A total amount of $45.5 million was achieved by New Zealand Post’s seven property sell down; however the company has not revealed the identity of the purchaser.
As of now, New Zealand Post media communications manager Keith FitzPatrick would not reveal the prices of each individual property, except the $45.5 million total of all seven sales.
Furthermore, till the time, the deal, handled by Colliers International, settles by the end of June, the identity of the purchaser will not be disclosed.
Recently, the downstream businesses in New Zealand were reviewed by Oil giant Shell including its 230 petrol stations following which it has appointed UBS to find a buyer.
It was a confirmed by a spokeswoman for Shell that the company would be selling everything, however will keep its extensive oil and gas exploration assets in New Zealand, mostly in Taranaki, and a 36 per cent stake in Construction Company Fulton and Hogan.
It has been informed by Ports of Auckland that since its container wharves are undergoing an enormous restructuring, 28 professionals would lose their jobs.
Last month, the port’s initial proposal had come to scene, which had specified an overall reduction in staff numbers of 30, out of a total of 202 who work in the affected parts of the business.
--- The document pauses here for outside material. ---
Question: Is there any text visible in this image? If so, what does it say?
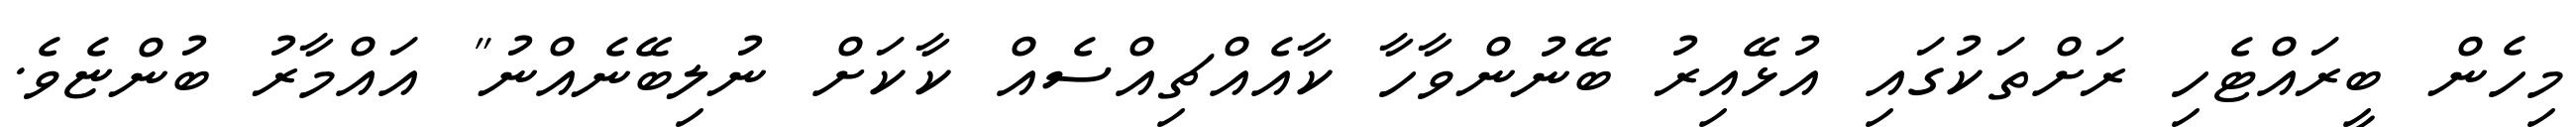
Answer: މިހެން ބީރައްޓެހި ރަށްތަކުގައި އުޅޭއިރު ބޭނުންވާހާ ކާއެއްޗިއްސެއް ކާކަށް ނުލިބޭނެއްނު" އައްމާރު ބުންޏެވެ.

The majority of visiting container ships would be berthed by the port at its newly expanded Fergusson terminal, and base all stevedoring staff there from the month of July.
In a representative hearing, which will decide the fate of investors in three apartment buildings, saw retired Aucklander Peggy Whyte becoming the first Blue Chip investor to take the stand.
It should be noted that of 34 inventors who have targeted three property development companies Greenstone Barclay Trustees, Turn and Wave and Icon Central in a court case that is likely to last six weeks, Mrs. Whyte is also one of them.
Statistics for accommodation have witnessed a drop by 11% for the month of March, mostly affected by the late arrival of Easter this year.
For accommodation providers the depressed headline numbers from Statistics New Zealand are more bad news, but are unsurprising.
The statistics were low universally across the country and led by a 24 % decrease in paid guest nights in camping grounds for each accommodation type, typically strong performers during the Easter break.
Approximately 82,000 New Zealand firms have had their credit risk or payment profile downgraded since January 2008, as they clearly saw the signs of stress in the recessionary economy.
It was confirmed by Credit reporting agency Dun & Bradstreet, which released the data today that this has come as the largest number of downgrades ever, over a 15 month period.